• **HOW TO COMPLETE THIS TASK**
Although the entries contain pictures, return everything else in them verbatim and omit the pictures.

==== MATERIAL PROVIDED ====

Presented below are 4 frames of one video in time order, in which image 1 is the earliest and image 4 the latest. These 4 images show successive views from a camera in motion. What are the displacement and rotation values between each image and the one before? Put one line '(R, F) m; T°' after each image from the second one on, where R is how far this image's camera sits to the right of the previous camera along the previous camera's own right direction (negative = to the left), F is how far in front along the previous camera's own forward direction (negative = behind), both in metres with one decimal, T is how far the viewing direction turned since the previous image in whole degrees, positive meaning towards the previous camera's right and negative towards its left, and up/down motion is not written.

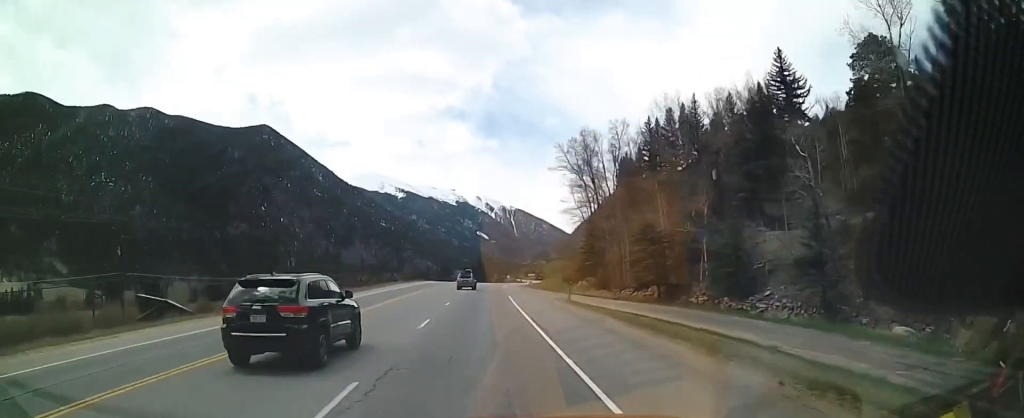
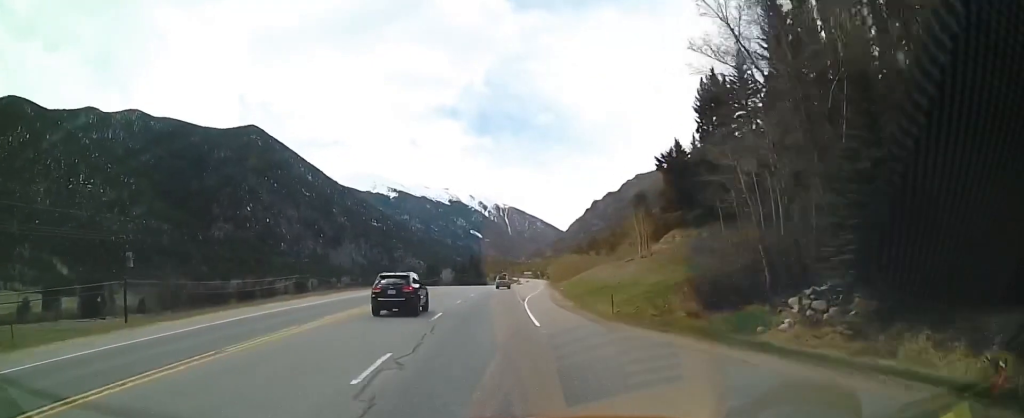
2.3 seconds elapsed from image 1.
(-0.9, +45.6) m; 0°
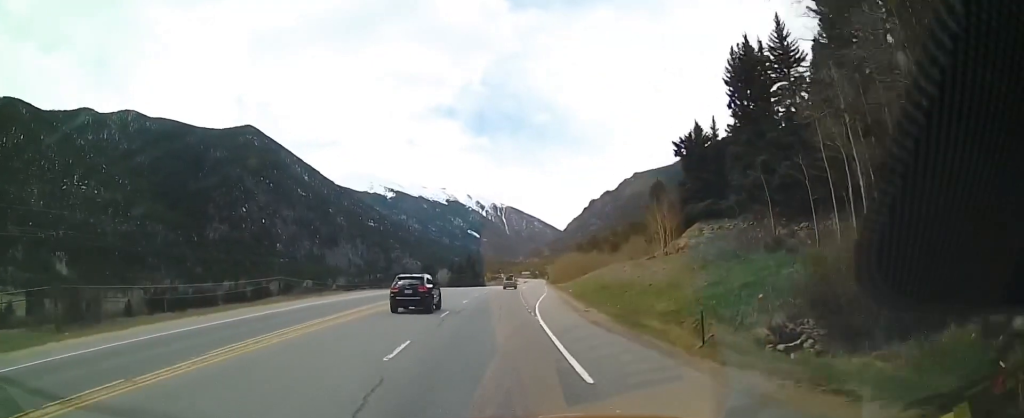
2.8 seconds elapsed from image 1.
(+0.3, +10.0) m; 0°
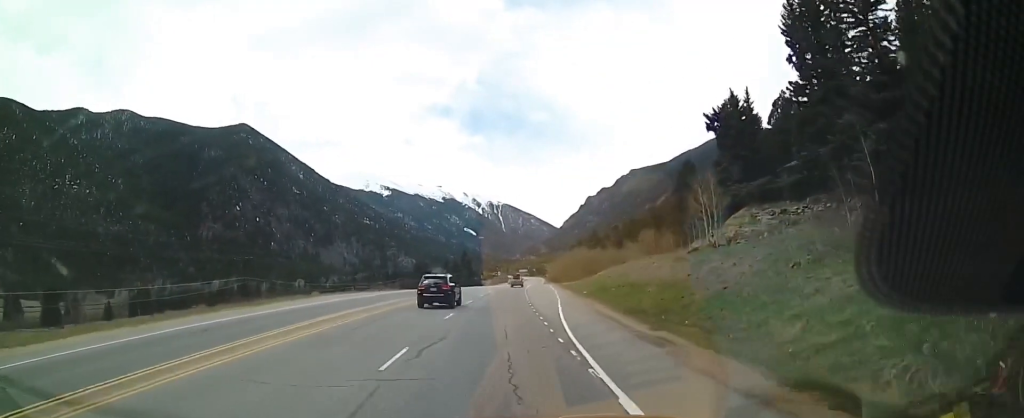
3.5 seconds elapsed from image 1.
(-0.1, +13.4) m; +1°

====

• **TASK ANSWER**
Presented below are 4 frames of one video in time order, in which image 1 is the earliest and image 4 the latest. These 4 images show successive views from a camera in motion. What are the displacement and rotation values between each image and the one before? Put one line '(R, F) m; T°' after each image from the second one on, where R is how far this image's camera sits to the right of the previous camera along the previous camera's own right direction (negative = to the left), F is how far in front along the previous camera's own forward direction (negative = behind), both in metres with one decimal, T is how far the viewing direction turned since the previous image in whole degrees, positive meaning towards the previous camera's right and negative towards its left, and up/down motion is not written.

2.3 seconds elapsed from image 1.
(-0.9, +45.6) m; 0°
2.8 seconds elapsed from image 1.
(+0.3, +10.0) m; 0°
3.5 seconds elapsed from image 1.
(-0.1, +13.4) m; +1°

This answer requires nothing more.